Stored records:

= Beginning of Section =

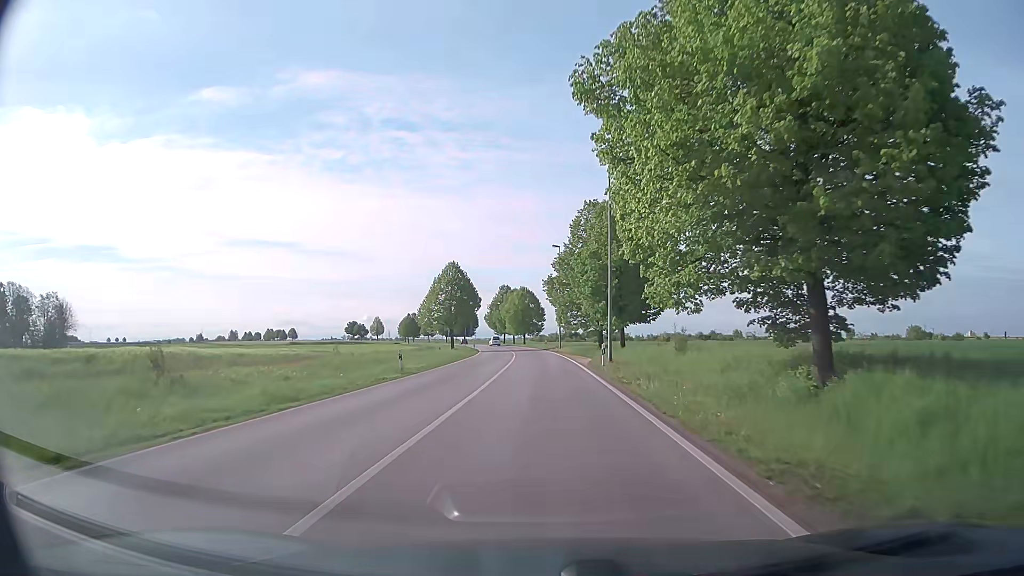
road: secondary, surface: asphalt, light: Day
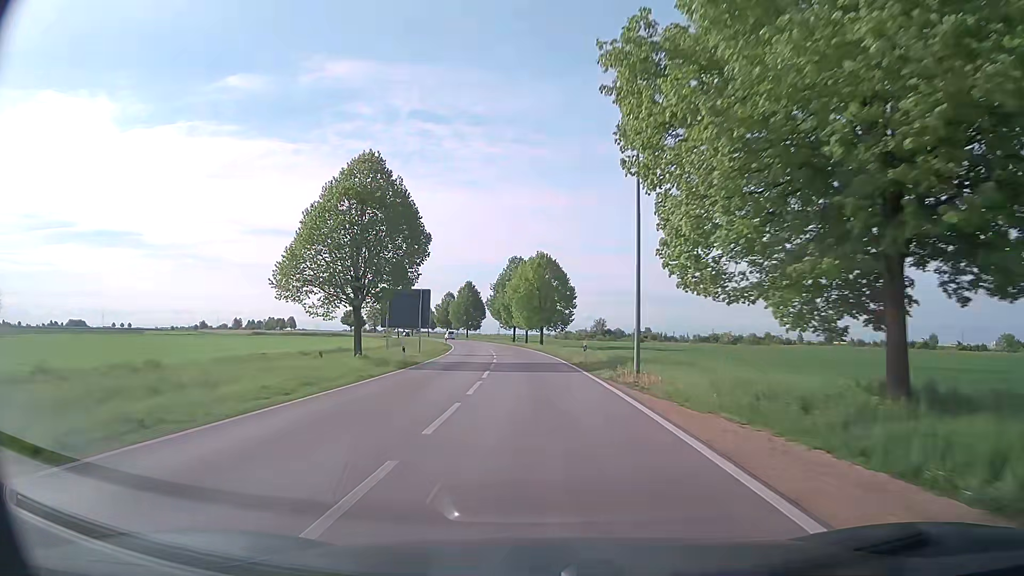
(-0.4, +47.6) m; -2°
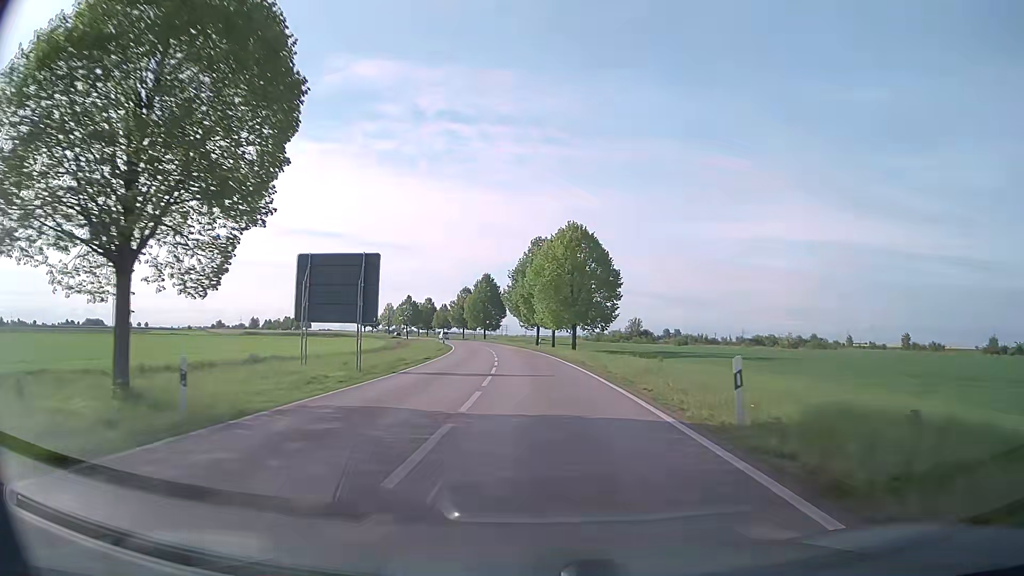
(-0.4, +21.6) m; -2°
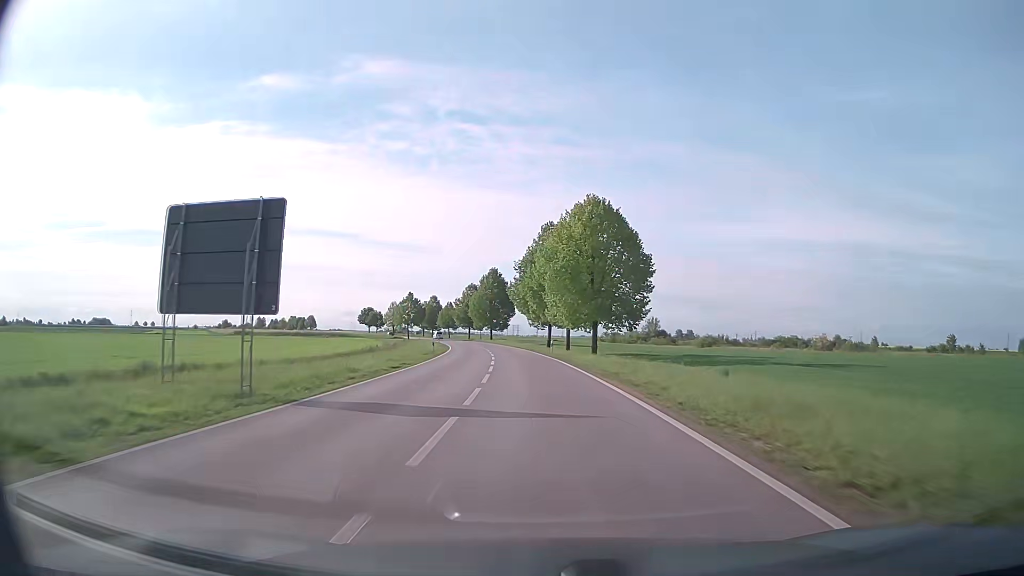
(-0.1, +11.3) m; -1°
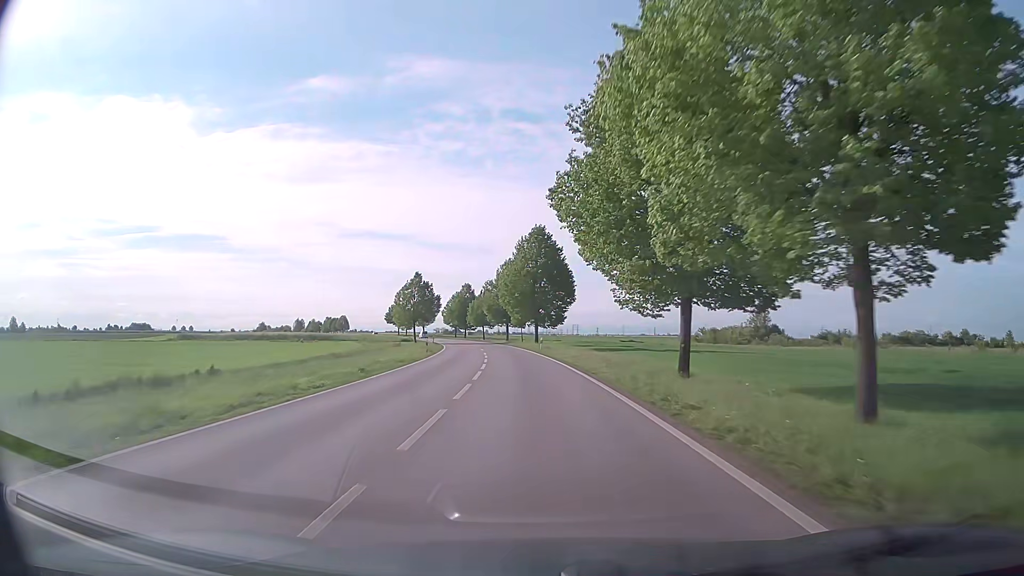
(-1.9, +47.9) m; -5°
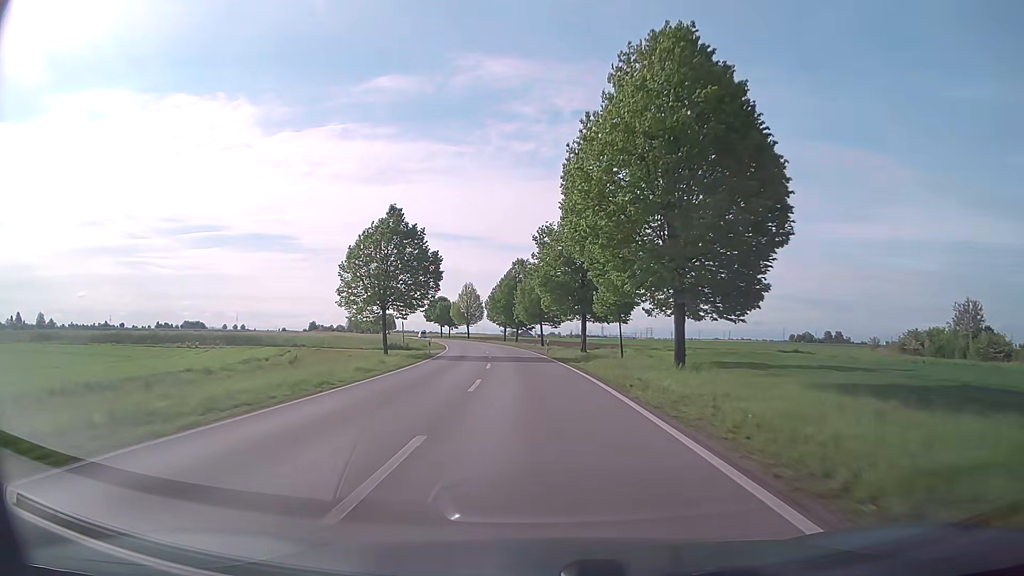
(-2.7, +51.2) m; -6°
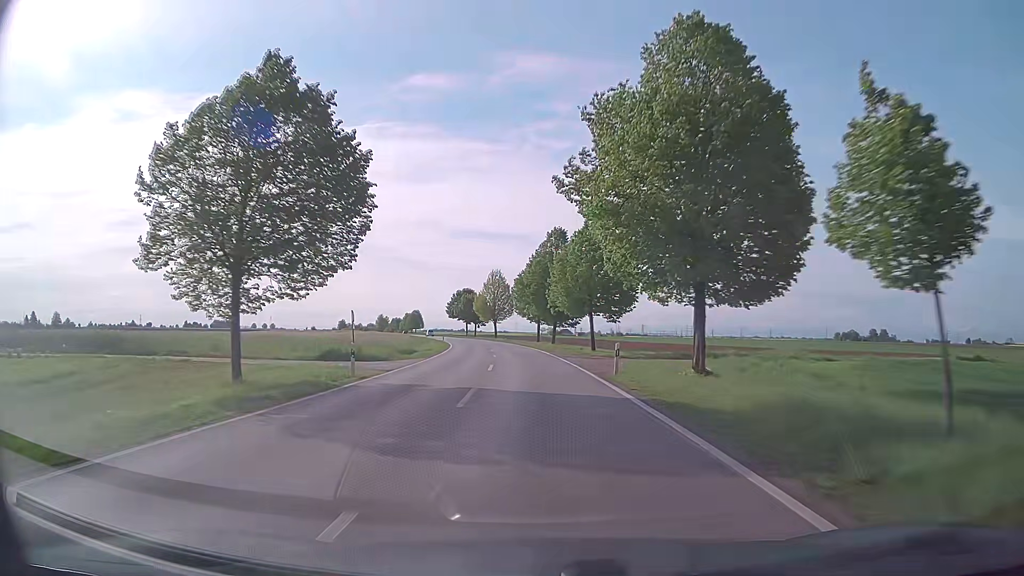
(-0.7, +26.6) m; -4°
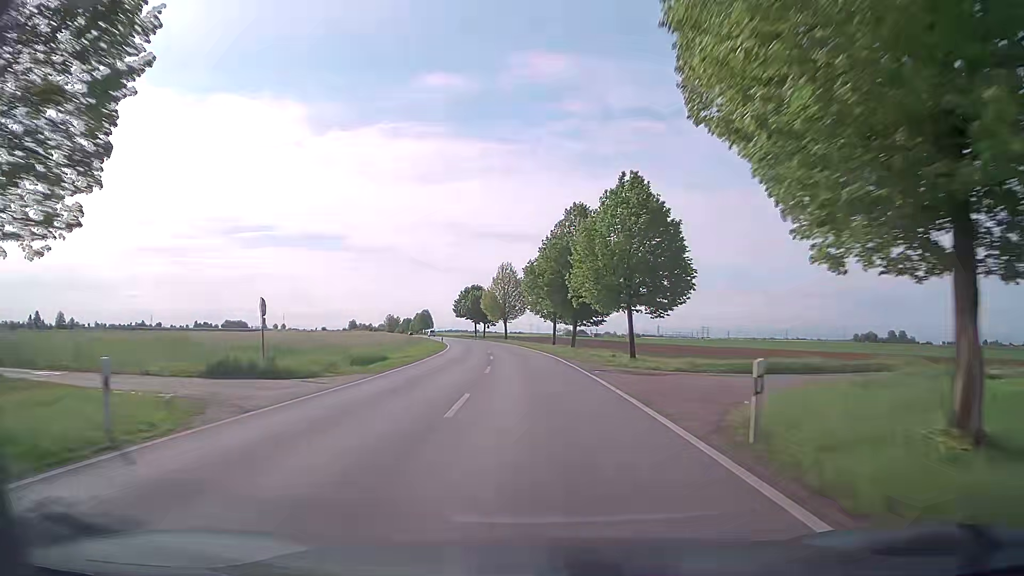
(-0.1, +13.5) m; -1°
(0, +10) (0, +20) (-1, +30) (-2, +40) (-3, +50) (-4, +60) (-5, +70) (-6, +80) (-8, +90) (-10, +99) m

= End of Section =

- _What is being asked_:
Give back the records word for word, without their pictures.

- _Result of the task_:
road: secondary, surface: asphalt, light: Day
(-0.4, +47.6) m; -2°
(-0.4, +21.6) m; -2°
(-0.1, +11.3) m; -1°
(-1.9, +47.9) m; -5°
(-2.7, +51.2) m; -6°
(-0.7, +26.6) m; -4°
(-0.1, +13.5) m; -1°
(0, +10) (0, +20) (-1, +30) (-2, +40) (-3, +50) (-4, +60) (-5, +70) (-6, +80) (-8, +90) (-10, +99) m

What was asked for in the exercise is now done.